→ **ENTRIES SUPPLIED**:
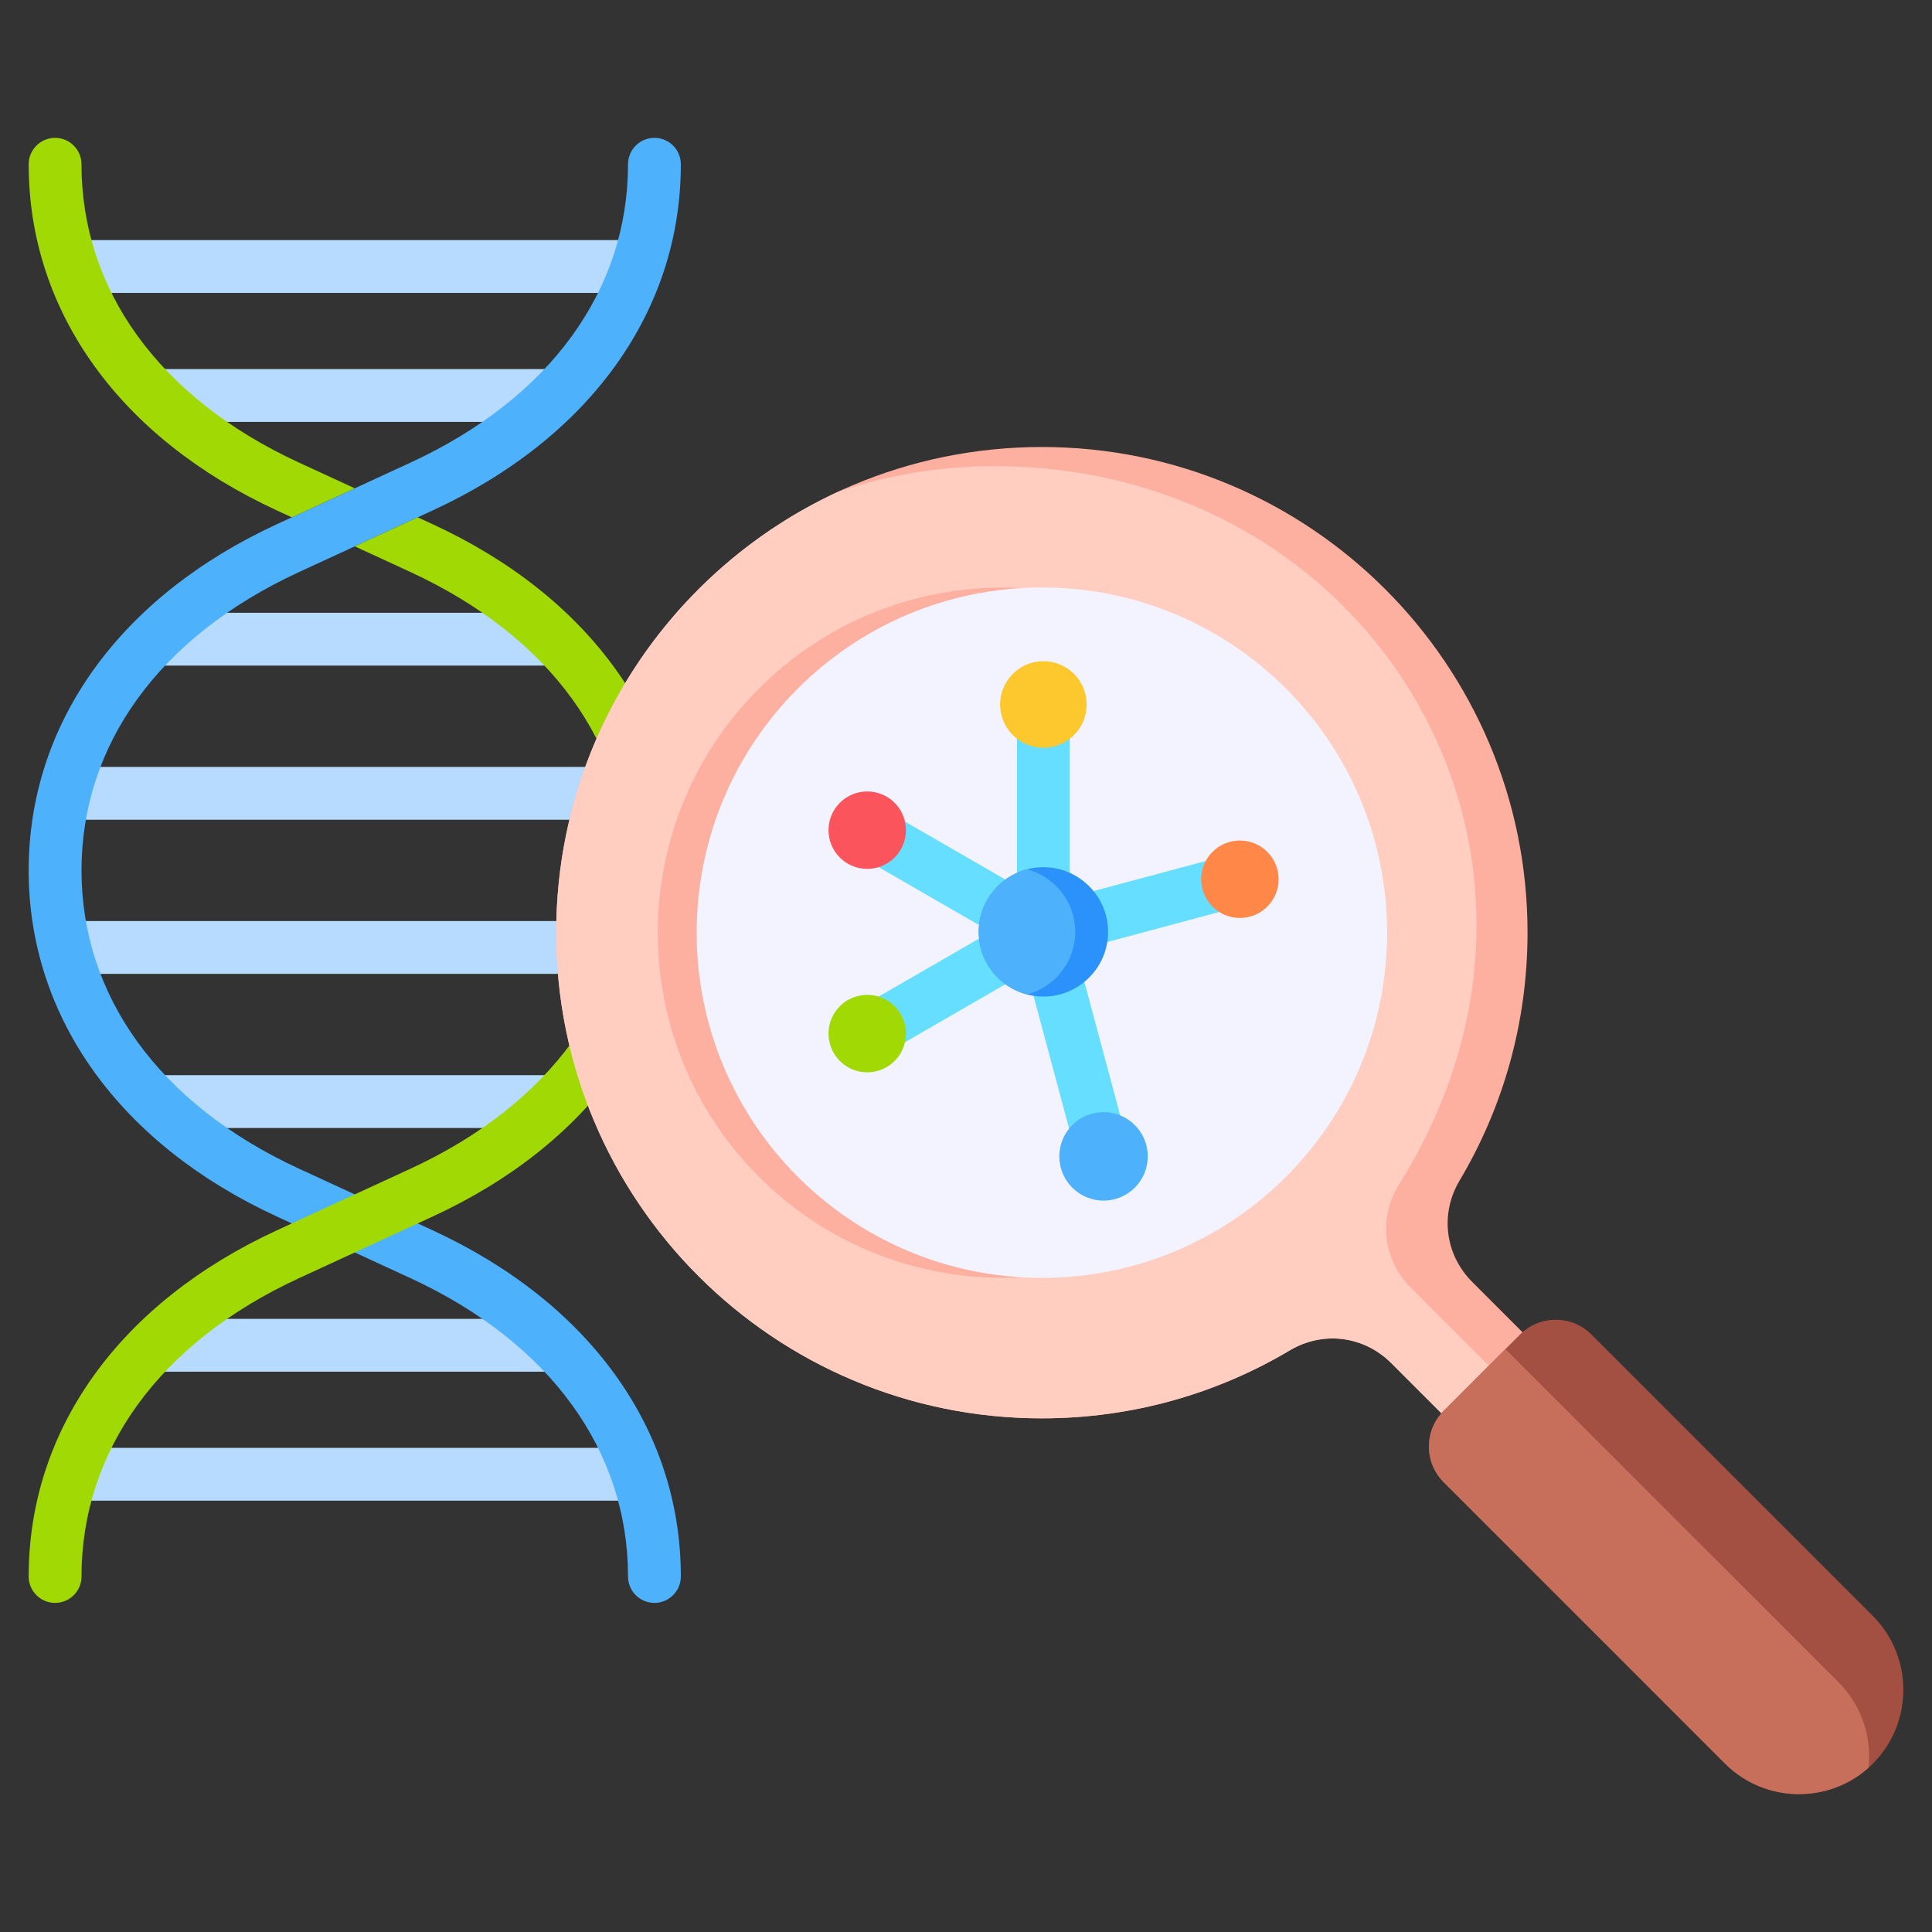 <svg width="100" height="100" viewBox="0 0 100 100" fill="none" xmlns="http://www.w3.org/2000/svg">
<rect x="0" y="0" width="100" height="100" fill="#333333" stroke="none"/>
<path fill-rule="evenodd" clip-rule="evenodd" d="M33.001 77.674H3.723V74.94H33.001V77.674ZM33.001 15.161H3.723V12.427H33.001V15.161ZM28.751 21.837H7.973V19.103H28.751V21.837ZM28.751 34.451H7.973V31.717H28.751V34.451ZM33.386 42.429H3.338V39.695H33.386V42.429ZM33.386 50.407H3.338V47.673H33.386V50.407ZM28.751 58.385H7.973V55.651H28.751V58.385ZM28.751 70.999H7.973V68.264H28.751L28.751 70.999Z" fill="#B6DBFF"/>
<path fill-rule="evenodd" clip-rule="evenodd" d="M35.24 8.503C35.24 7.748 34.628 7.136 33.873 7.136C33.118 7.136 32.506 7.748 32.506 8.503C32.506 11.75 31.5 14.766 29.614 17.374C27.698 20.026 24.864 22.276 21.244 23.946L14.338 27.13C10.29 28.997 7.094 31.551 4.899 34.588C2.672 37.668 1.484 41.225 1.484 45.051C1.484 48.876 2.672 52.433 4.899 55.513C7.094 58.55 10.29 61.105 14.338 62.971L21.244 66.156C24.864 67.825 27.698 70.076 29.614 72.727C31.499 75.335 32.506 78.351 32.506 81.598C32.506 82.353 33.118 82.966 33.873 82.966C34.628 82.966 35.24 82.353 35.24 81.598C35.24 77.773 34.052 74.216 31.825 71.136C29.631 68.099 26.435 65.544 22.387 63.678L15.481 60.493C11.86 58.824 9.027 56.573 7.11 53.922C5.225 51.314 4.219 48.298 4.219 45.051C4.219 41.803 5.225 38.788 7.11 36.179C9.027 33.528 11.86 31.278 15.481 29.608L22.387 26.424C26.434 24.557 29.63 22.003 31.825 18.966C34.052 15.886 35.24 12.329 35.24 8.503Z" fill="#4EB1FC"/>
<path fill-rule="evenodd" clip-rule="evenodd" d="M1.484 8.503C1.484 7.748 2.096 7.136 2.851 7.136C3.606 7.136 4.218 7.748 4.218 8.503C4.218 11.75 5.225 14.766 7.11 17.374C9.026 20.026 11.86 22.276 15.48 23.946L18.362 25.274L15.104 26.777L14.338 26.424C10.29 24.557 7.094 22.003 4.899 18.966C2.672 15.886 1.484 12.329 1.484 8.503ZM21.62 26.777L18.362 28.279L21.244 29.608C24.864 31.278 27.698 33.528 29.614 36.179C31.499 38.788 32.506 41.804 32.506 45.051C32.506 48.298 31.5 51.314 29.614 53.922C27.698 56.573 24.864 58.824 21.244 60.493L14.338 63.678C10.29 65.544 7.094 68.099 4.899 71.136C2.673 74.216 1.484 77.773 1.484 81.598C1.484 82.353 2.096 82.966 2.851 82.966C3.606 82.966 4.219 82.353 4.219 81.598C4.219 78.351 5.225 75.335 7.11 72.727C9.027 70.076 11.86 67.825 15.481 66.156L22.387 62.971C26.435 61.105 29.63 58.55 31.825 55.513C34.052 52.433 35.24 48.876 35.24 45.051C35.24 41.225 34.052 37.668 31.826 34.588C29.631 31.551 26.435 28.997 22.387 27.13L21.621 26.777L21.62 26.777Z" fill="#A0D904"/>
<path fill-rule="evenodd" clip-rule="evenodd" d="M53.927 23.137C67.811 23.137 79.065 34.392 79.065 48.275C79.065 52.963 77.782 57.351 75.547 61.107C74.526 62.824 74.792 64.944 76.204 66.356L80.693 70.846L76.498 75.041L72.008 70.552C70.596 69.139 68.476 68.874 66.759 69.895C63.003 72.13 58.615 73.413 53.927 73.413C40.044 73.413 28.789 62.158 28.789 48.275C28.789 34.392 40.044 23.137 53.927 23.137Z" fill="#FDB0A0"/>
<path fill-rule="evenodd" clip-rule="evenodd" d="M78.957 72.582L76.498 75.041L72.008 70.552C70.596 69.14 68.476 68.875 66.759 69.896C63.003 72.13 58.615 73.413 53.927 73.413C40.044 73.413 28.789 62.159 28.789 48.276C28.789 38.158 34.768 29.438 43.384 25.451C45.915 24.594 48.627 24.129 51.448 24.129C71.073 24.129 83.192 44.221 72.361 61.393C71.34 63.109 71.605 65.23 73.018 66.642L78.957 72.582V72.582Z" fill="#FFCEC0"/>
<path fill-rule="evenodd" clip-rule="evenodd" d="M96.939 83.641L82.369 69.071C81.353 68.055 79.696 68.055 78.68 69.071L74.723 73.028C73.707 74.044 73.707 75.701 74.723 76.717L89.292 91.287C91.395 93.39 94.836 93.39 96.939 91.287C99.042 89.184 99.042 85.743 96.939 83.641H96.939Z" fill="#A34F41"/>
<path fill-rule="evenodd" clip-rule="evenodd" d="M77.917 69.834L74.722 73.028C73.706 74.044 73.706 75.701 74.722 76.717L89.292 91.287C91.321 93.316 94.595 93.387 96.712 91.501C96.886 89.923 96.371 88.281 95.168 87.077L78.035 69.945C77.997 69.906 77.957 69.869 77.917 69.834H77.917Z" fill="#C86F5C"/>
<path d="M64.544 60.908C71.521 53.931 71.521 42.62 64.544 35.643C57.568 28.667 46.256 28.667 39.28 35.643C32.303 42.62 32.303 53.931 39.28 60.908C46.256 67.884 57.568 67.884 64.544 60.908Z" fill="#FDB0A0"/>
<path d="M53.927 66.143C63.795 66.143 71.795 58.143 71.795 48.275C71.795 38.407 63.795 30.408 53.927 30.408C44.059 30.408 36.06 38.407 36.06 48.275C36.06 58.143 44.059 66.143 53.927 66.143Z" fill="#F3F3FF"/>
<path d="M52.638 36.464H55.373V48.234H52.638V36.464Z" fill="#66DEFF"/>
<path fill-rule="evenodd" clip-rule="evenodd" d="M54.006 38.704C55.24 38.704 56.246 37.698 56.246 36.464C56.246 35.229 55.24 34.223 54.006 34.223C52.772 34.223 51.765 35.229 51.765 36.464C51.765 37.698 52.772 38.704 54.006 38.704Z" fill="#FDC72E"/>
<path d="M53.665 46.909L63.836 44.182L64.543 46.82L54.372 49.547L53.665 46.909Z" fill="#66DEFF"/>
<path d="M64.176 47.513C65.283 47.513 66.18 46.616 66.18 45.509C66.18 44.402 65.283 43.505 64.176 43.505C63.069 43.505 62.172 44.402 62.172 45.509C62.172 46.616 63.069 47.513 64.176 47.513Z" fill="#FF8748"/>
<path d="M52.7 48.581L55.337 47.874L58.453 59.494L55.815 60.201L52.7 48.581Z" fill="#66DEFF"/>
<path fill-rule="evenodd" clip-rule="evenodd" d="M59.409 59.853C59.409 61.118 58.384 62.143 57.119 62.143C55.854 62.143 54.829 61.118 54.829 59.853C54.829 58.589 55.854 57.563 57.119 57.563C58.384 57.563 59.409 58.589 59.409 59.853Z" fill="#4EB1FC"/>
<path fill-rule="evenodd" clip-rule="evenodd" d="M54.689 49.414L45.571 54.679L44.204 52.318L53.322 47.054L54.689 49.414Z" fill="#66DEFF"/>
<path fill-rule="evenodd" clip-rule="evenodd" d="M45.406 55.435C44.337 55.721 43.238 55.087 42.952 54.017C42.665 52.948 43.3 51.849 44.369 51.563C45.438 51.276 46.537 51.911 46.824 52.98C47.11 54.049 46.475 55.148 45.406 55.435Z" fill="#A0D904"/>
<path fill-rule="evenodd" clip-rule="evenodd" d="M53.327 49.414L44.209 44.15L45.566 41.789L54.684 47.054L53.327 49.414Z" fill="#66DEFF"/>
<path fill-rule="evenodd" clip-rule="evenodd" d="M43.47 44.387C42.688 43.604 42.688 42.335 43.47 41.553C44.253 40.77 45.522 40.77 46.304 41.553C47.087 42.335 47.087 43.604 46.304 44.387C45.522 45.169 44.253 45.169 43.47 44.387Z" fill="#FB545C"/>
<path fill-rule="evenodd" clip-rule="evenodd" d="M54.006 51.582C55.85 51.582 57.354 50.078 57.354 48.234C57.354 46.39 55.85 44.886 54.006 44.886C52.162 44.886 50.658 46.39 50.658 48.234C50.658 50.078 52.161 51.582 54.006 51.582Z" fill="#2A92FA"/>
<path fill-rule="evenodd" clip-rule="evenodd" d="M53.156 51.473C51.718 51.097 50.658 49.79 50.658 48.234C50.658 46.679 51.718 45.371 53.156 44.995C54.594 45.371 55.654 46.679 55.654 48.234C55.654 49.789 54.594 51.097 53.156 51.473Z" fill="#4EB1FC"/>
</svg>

→ **PROBLEM**:
Go to the line containing "51.582C55.85 51.582 57.354" in the listing. Print it and every line through the last one, exactly and with nothing more.

→ **TASK SOLUTION**:
<path fill-rule="evenodd" clip-rule="evenodd" d="M54.006 51.582C55.85 51.582 57.354 50.078 57.354 48.234C57.354 46.39 55.85 44.886 54.006 44.886C52.162 44.886 50.658 46.39 50.658 48.234C50.658 50.078 52.161 51.582 54.006 51.582Z" fill="#2A92FA"/>
<path fill-rule="evenodd" clip-rule="evenodd" d="M53.156 51.473C51.718 51.097 50.658 49.79 50.658 48.234C50.658 46.679 51.718 45.371 53.156 44.995C54.594 45.371 55.654 46.679 55.654 48.234C55.654 49.789 54.594 51.097 53.156 51.473Z" fill="#4EB1FC"/>
</svg>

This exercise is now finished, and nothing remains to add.